Problem description> Where a record holds a picture, leave the picture out; otherwise repeat every record exactly.
** Opening Record excerpts block **
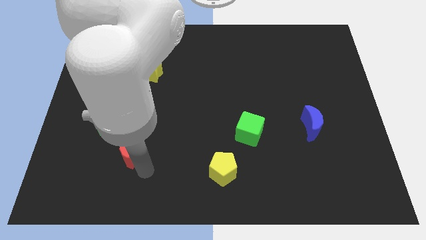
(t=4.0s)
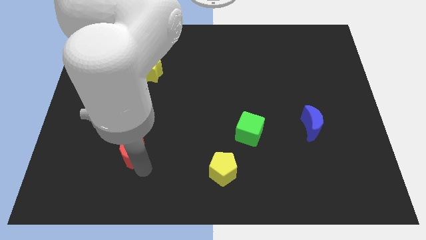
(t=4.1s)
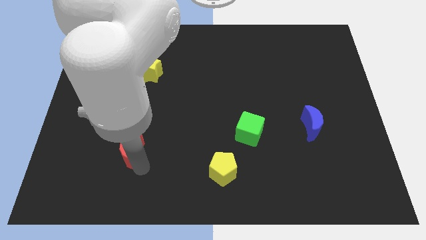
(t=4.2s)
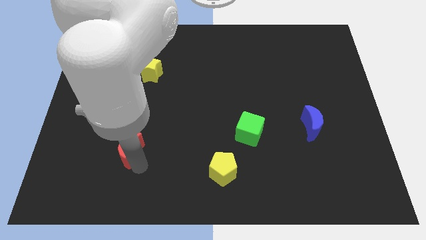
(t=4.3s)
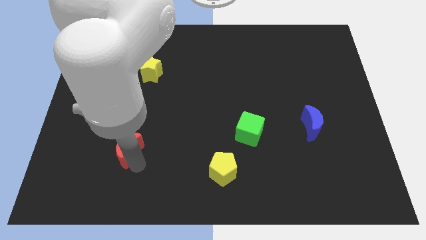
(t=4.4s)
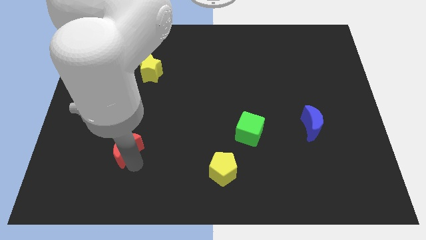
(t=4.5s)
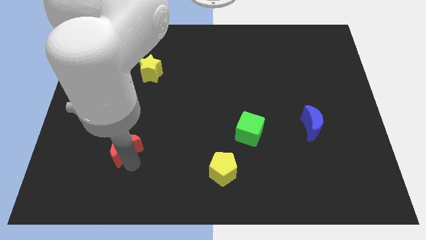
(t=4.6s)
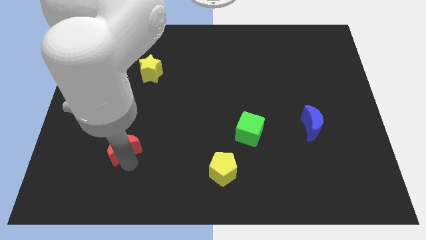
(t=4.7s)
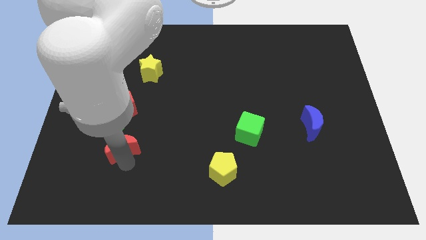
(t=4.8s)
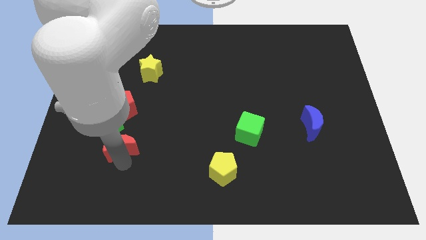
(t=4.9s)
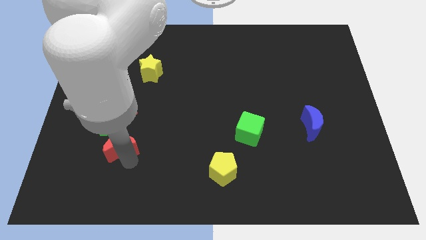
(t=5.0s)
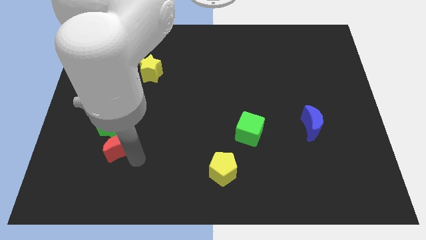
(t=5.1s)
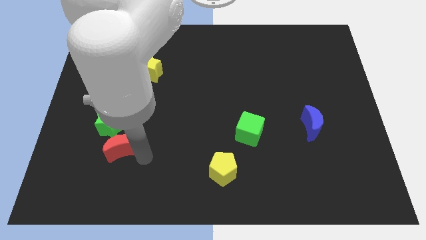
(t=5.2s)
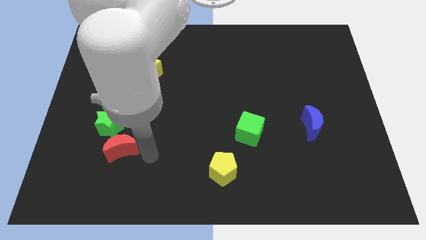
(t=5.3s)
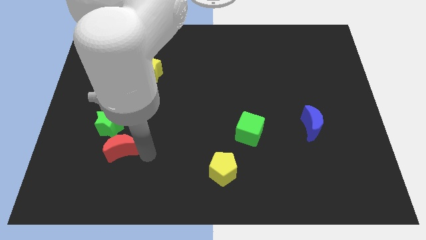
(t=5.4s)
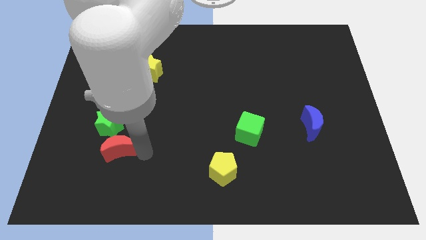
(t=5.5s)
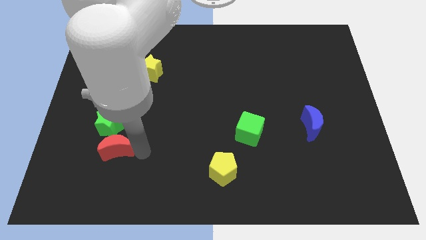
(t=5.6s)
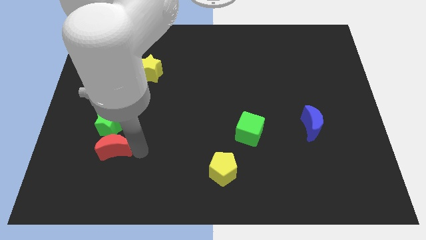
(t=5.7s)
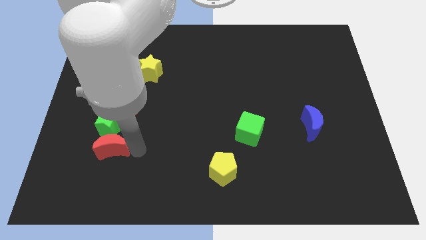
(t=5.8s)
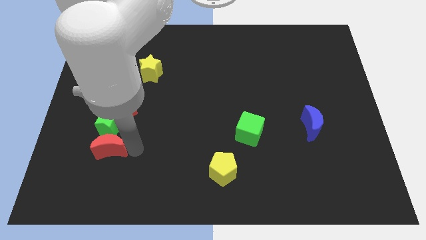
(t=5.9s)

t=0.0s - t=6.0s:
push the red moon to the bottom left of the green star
** Closing Record excerpts block **
Answer to this exercise>
(t=4.0s)
(t=4.1s)
(t=4.2s)
(t=4.3s)
(t=4.4s)
(t=4.5s)
(t=4.6s)
(t=4.7s)
(t=4.8s)
(t=4.9s)
(t=5.0s)
(t=5.1s)
(t=5.2s)
(t=5.3s)
(t=5.4s)
(t=5.5s)
(t=5.6s)
(t=5.7s)
(t=5.8s)
(t=5.9s)

t=0.0s - t=6.0s:
push the red moon to the bottom left of the green star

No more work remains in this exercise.